Crystalizing is a seperate issue. That's just an inherent aspect of a supersaturated solution, which honey in many ways is. You can heat crystalized honey to redisolve the crystals. But, depending on the honey and the crystals, this may not be as effective as you'd like.


----------



## Terri

I have heard that when honey crystalizes, the remaining liquid is higher in moisture content and so can ferment. Or, so I have been told, I have not seen this happen.

Now that I have my own hive, I store honey in the freezer for my winters use. It doesn't crystalize that way.


----------



## WayneH

Temp changes can also cause it to ferment. Sometimes the honey can sweat and moisture can collect on the inside of the bucket lid. This can drip down and make a puddle. This can cause fermentation.

Even with a little fermentation, your honey should be safe to eat, but it might have a strange taste to it. 

If you decide not to eat it, you can add water to it and ferment it. From the honeywine (mead) you can also make vinegar.


----------



## Guest

lol sorry bare. you don't want this stuff anyway.

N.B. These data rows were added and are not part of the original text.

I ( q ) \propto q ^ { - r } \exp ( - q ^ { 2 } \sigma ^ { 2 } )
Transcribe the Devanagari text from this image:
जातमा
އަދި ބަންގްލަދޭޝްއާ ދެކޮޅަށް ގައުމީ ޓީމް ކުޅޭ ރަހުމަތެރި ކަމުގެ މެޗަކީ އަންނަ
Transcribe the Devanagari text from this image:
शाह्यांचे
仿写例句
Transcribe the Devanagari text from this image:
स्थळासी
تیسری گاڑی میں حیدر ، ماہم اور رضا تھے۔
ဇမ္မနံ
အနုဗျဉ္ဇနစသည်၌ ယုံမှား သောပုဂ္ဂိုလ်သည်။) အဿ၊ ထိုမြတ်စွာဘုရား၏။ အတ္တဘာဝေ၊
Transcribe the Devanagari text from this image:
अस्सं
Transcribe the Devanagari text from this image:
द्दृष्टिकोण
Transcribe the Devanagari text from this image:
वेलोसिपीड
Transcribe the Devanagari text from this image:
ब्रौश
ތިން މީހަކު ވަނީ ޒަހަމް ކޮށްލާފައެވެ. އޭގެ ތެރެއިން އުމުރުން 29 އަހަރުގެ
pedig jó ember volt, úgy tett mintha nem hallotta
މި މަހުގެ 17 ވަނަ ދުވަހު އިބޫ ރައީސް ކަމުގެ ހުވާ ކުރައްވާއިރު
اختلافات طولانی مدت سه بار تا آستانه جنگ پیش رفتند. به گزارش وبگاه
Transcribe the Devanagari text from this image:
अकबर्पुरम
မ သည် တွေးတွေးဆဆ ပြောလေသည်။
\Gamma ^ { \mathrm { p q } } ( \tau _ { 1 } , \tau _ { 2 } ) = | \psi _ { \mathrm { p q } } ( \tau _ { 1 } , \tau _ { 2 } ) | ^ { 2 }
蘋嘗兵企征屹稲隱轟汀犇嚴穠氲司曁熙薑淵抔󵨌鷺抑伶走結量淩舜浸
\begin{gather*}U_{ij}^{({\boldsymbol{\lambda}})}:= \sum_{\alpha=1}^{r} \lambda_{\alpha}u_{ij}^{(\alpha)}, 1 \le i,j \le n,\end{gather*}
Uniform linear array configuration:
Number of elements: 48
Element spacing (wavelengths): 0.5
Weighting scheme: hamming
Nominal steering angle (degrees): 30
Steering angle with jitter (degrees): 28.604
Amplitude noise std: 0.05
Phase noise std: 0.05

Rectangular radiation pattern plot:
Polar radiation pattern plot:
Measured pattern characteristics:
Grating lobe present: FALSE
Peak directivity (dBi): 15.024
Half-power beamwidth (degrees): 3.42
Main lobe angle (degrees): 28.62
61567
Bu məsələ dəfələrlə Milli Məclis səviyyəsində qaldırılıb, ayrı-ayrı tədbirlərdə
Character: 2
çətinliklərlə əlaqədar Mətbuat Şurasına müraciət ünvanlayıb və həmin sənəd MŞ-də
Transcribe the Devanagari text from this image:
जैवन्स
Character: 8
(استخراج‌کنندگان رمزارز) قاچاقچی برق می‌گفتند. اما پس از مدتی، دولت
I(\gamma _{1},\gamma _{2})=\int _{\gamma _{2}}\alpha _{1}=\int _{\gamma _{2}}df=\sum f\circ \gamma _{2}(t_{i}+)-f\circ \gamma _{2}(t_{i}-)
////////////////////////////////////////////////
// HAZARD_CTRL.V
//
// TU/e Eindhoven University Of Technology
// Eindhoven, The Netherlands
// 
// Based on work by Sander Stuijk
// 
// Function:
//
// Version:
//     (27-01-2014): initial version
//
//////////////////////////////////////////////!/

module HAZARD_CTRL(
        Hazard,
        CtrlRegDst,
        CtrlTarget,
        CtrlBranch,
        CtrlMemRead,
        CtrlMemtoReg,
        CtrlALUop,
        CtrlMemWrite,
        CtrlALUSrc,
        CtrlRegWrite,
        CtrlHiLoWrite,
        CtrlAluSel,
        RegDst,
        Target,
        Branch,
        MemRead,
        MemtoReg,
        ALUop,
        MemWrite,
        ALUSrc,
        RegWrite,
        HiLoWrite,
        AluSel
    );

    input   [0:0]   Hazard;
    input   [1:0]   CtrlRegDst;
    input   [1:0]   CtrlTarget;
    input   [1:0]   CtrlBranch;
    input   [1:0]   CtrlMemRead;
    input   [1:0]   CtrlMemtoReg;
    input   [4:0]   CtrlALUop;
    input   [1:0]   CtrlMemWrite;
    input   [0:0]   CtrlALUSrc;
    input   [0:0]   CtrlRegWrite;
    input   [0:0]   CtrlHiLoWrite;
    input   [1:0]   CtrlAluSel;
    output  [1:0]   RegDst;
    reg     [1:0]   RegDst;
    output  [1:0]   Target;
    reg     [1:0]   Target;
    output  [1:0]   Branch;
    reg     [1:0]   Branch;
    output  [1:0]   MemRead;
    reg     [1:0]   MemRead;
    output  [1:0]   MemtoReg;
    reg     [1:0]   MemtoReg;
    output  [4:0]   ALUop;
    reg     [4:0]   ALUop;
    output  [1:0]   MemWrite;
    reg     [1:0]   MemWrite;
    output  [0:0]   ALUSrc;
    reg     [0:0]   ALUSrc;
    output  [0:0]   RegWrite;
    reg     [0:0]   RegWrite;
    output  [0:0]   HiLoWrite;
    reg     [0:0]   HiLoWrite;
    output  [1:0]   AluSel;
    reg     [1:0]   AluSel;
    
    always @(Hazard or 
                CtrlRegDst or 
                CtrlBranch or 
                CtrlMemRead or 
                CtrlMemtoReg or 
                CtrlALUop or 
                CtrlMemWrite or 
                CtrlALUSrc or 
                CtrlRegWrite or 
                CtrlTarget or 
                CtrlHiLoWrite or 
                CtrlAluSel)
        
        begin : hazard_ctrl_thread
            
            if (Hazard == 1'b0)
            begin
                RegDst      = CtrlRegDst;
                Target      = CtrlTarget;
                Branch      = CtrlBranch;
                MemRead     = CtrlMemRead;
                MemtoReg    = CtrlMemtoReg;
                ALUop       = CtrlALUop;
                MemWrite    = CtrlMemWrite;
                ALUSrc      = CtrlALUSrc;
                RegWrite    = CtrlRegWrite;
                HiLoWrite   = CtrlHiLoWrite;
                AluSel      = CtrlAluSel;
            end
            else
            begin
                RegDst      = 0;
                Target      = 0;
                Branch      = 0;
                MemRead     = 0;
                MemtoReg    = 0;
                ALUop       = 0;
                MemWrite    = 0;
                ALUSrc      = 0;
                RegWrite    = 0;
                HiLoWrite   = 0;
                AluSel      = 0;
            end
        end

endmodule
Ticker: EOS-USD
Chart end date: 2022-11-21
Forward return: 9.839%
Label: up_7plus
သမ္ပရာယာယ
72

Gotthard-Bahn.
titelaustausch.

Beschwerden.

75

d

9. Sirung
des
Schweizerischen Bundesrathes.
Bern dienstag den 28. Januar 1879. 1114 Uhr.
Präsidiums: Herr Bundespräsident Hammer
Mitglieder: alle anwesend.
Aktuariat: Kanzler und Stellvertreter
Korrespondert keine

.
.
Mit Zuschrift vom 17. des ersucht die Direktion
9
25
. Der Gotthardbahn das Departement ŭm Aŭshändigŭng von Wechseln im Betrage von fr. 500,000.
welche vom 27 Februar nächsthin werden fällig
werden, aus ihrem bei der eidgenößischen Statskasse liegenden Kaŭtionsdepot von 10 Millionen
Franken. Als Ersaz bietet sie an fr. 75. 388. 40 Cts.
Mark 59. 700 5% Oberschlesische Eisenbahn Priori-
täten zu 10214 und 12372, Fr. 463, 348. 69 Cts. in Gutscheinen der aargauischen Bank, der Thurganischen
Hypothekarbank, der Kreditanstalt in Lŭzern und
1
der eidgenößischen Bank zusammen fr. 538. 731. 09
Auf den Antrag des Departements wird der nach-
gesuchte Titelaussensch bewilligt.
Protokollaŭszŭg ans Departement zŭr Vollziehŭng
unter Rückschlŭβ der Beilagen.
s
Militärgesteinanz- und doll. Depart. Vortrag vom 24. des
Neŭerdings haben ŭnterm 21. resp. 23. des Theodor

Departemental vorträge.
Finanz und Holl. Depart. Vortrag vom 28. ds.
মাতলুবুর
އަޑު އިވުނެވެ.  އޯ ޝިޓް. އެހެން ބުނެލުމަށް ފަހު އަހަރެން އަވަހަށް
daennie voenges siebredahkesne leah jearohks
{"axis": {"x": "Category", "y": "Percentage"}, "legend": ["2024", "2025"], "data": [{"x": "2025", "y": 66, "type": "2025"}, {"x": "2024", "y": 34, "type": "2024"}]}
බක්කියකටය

i think i'll just keep it for cooking- it tastes fine in my bread recipe. i just won't be eating honey-toast anytime soon, lol!

i do know that when we went to pick up the honey, he said that it was (something other than what he usually sold). he had run out of his regular supply- it was a bad year, and i went late, to get it. i don't think that he'd have purposefully given us 'worse' honey, as opposed to anyone else. he's not like that. 

thanks for the help, all. i'm not up to making mead, or vinegar, or anything like that. i can barely keep up with my homemade bread these days! lol!


----------